Task brief
Please give back the listing below word for word and drop any images.

------ Records shown ------

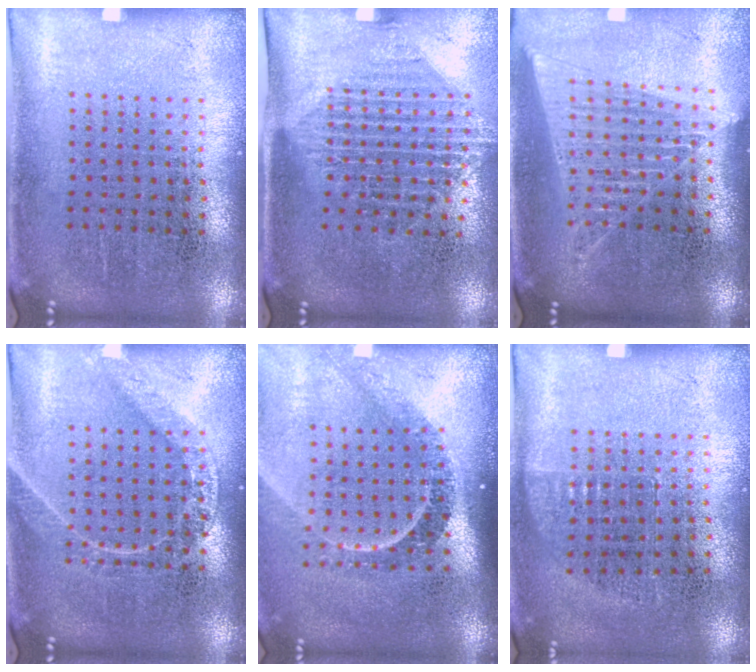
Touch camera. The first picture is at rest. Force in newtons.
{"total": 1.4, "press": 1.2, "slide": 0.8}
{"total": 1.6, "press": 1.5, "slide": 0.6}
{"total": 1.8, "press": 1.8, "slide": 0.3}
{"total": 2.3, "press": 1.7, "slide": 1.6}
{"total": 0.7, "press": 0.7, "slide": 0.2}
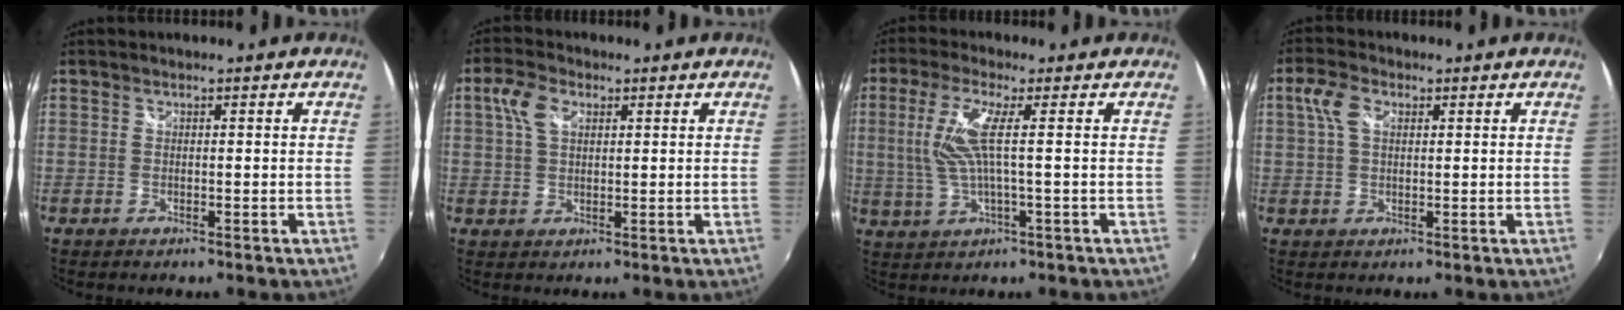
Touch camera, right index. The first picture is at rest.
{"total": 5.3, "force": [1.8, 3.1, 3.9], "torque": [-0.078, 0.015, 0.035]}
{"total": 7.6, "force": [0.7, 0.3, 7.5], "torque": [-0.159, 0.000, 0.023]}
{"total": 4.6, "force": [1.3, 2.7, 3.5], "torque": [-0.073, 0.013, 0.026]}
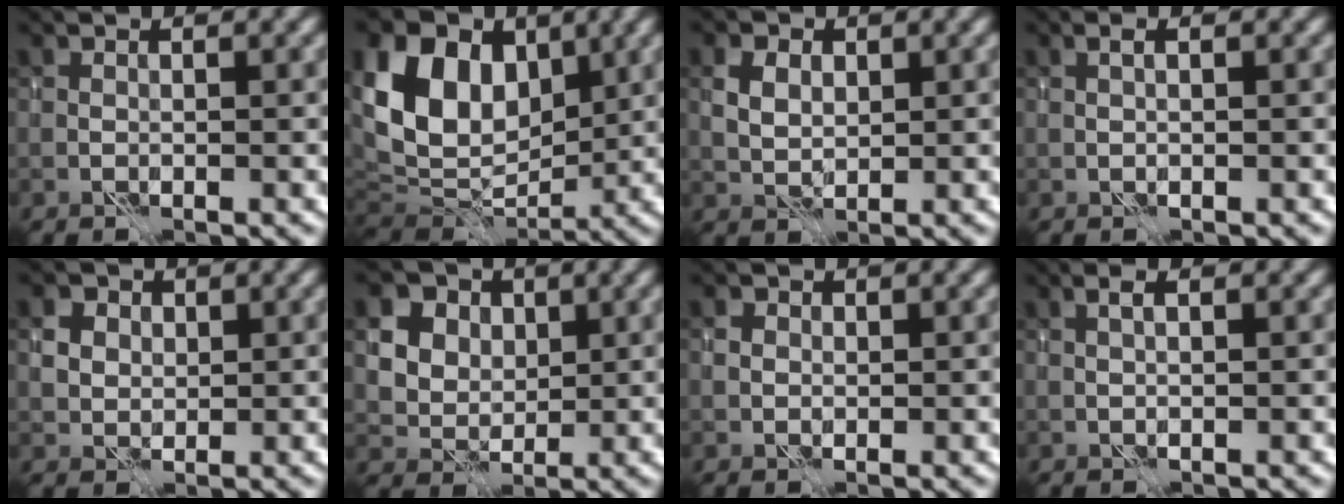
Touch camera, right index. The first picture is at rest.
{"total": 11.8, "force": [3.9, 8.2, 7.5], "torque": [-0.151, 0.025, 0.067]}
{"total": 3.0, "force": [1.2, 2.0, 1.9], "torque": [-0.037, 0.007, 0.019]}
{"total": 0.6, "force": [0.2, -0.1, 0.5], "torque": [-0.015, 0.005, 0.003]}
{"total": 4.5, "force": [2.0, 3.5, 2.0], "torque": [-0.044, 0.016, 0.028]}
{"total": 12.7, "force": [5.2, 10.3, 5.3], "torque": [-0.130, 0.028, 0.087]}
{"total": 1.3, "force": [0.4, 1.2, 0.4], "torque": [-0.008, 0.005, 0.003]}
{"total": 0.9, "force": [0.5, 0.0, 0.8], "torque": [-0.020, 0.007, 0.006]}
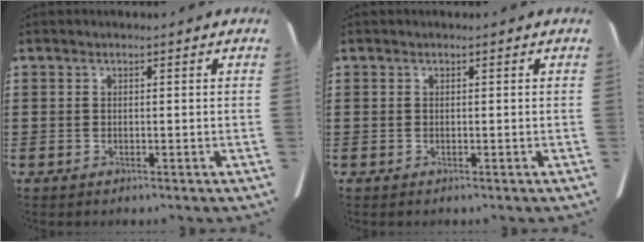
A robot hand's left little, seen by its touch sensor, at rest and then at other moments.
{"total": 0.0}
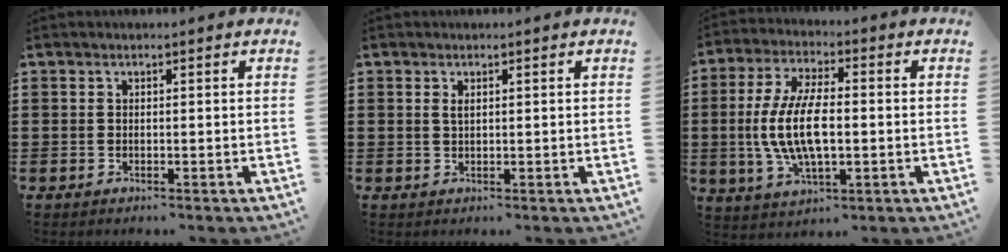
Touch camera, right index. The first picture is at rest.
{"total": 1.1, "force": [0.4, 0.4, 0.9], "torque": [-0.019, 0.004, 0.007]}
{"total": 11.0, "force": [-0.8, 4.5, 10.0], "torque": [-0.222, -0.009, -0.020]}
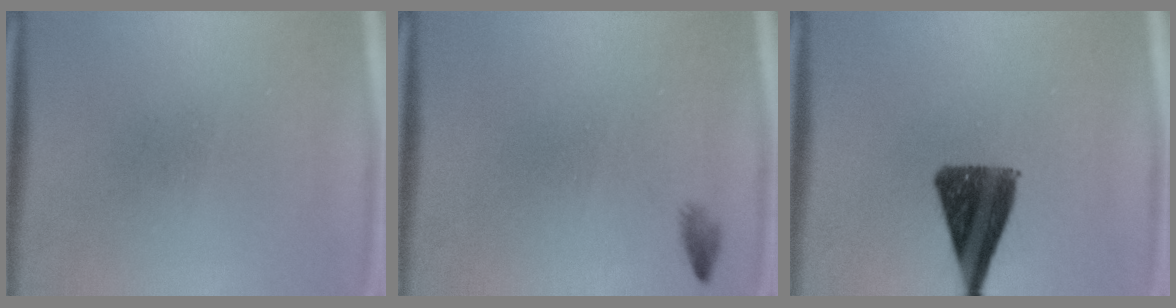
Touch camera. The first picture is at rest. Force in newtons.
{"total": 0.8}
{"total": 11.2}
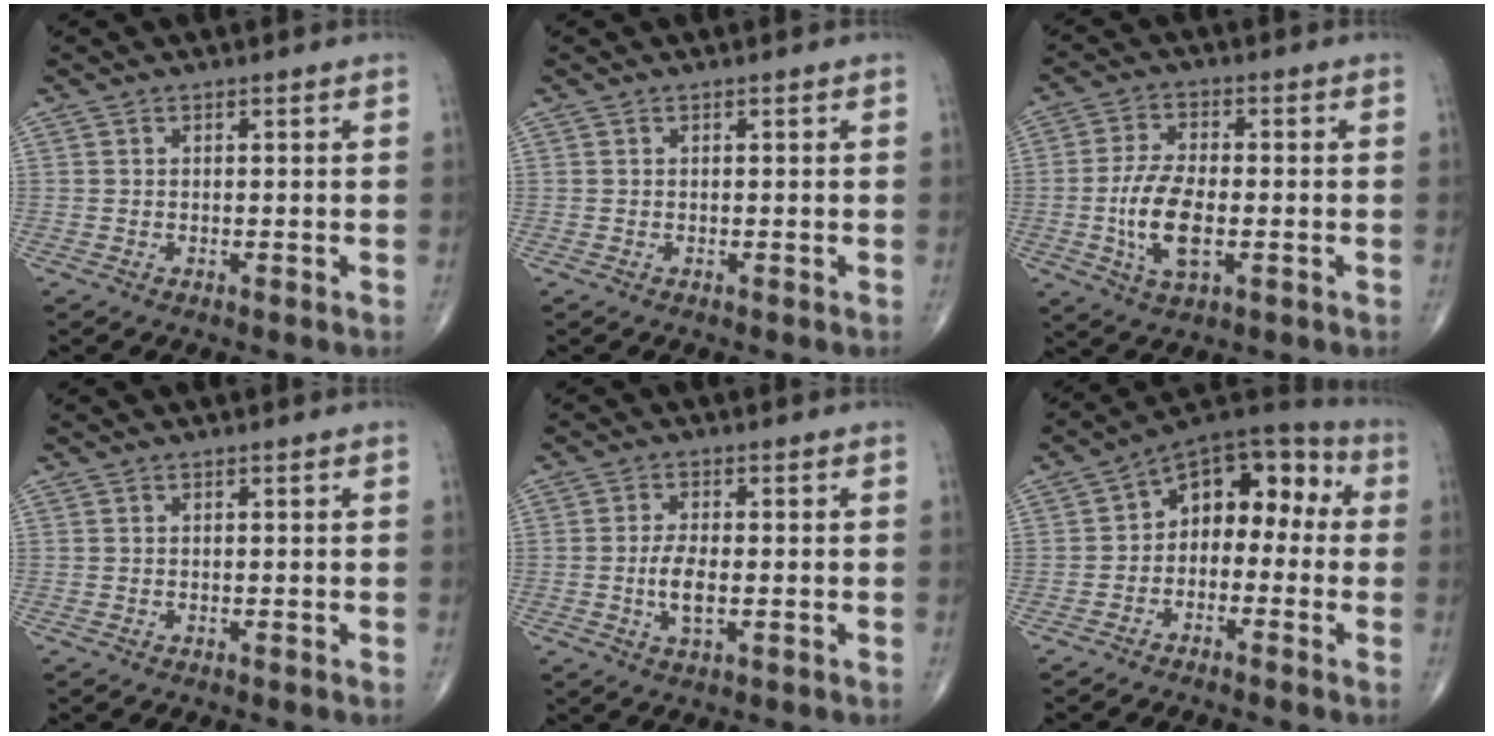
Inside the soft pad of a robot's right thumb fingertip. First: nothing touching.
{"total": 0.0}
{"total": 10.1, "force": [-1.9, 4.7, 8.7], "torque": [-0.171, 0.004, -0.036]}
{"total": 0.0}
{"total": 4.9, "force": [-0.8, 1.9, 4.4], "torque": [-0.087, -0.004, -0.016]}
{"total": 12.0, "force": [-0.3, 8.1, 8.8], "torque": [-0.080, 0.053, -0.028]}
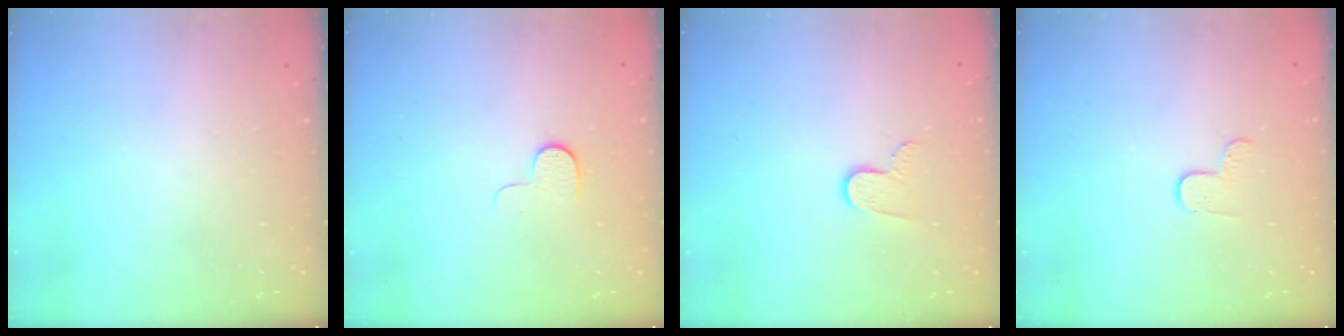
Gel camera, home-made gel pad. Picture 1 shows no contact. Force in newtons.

------

Answer to this task
Touch camera. The first picture is at rest. Force in newtons.
{"total": 1.4, "press": 1.2, "slide": 0.8}
{"total": 1.6, "press": 1.5, "slide": 0.6}
{"total": 1.8, "press": 1.8, "slide": 0.3}
{"total": 2.3, "press": 1.7, "slide": 1.6}
{"total": 0.7, "press": 0.7, "slide": 0.2}
Touch camera, right index. The first picture is at rest.
{"total": 5.3, "force": [1.8, 3.1, 3.9], "torque": [-0.078, 0.015, 0.035]}
{"total": 7.6, "force": [0.7, 0.3, 7.5], "torque": [-0.159, 0.000, 0.023]}
{"total": 4.6, "force": [1.3, 2.7, 3.5], "torque": [-0.073, 0.013, 0.026]}
Touch camera, right index. The first picture is at rest.
{"total": 11.8, "force": [3.9, 8.2, 7.5], "torque": [-0.151, 0.025, 0.067]}
{"total": 3.0, "force": [1.2, 2.0, 1.9], "torque": [-0.037, 0.007, 0.019]}
{"total": 0.6, "force": [0.2, -0.1, 0.5], "torque": [-0.015, 0.005, 0.003]}
{"total": 4.5, "force": [2.0, 3.5, 2.0], "torque": [-0.044, 0.016, 0.028]}
{"total": 12.7, "force": [5.2, 10.3, 5.3], "torque": [-0.130, 0.028, 0.087]}
{"total": 1.3, "force": [0.4, 1.2, 0.4], "torque": [-0.008, 0.005, 0.003]}
{"total": 0.9, "force": [0.5, 0.0, 0.8], "torque": [-0.020, 0.007, 0.006]}
A robot hand's left little, seen by its touch sensor, at rest and then at other moments.
{"total": 0.0}
Touch camera, right index. The first picture is at rest.
{"total": 1.1, "force": [0.4, 0.4, 0.9], "torque": [-0.019, 0.004, 0.007]}
{"total": 11.0, "force": [-0.8, 4.5, 10.0], "torque": [-0.222, -0.009, -0.020]}
Touch camera. The first picture is at rest. Force in newtons.
{"total": 0.8}
{"total": 11.2}
Inside the soft pad of a robot's right thumb fingertip. First: nothing touching.
{"total": 0.0}
{"total": 10.1, "force": [-1.9, 4.7, 8.7], "torque": [-0.171, 0.004, -0.036]}
{"total": 0.0}
{"total": 4.9, "force": [-0.8, 1.9, 4.4], "torque": [-0.087, -0.004, -0.016]}
{"total": 12.0, "force": [-0.3, 8.1, 8.8], "torque": [-0.080, 0.053, -0.028]}
Gel camera, home-made gel pad. Picture 1 shows no contact. Force in newtons.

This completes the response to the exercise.